### GIVEN ENTRIES
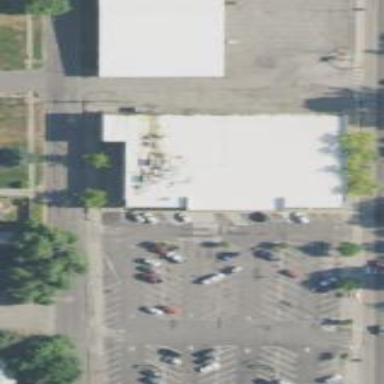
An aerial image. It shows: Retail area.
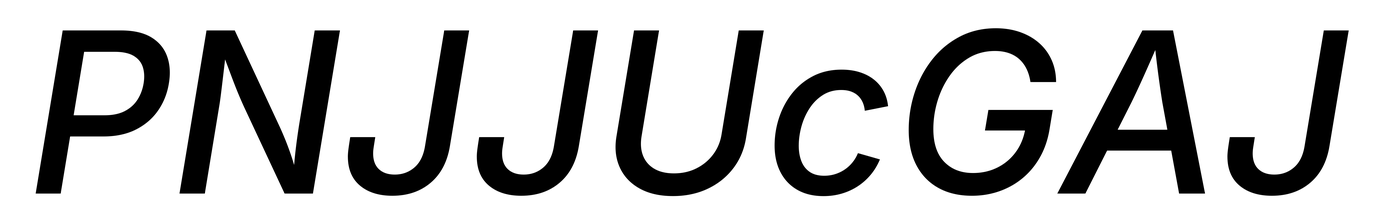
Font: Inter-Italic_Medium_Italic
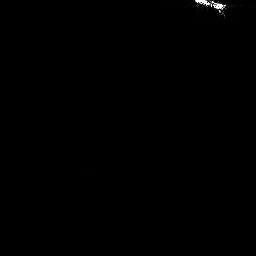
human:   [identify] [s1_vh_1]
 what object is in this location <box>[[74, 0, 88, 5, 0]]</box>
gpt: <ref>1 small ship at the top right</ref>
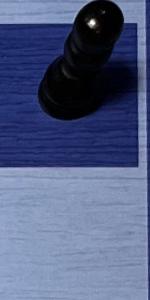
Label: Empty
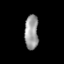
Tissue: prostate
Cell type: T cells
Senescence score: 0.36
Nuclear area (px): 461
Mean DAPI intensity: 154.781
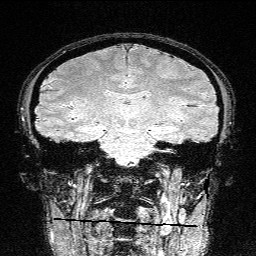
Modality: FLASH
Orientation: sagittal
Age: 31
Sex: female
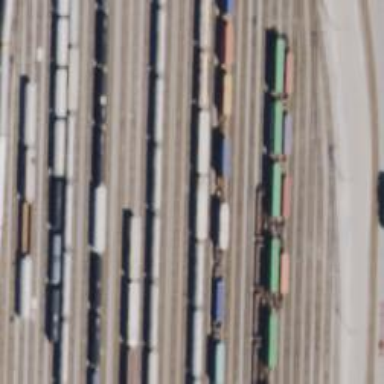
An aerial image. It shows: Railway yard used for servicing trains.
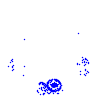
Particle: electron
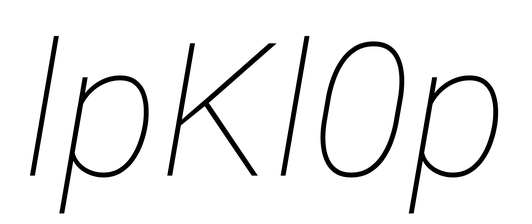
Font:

### ACTION ITEM
Leave every picture out and retype exactly the lines of the records above from the one holding "gpt: <ref>1 small ship at the top right</ref>" through the last, both ends included and nothing besides.

### ANSWER AREA
gpt: <ref>1 small ship at the top right</ref>
Label: Empty
Tissue: prostate
Cell type: T cells
Senescence score: 0.36
Nuclear area (px): 461
Mean DAPI intensity: 154.781
Modality: FLASH
Orientation: sagittal
Age: 31
Sex: female
An aerial image. It shows: Railway yard used for servicing trains.
Particle: electron
Font:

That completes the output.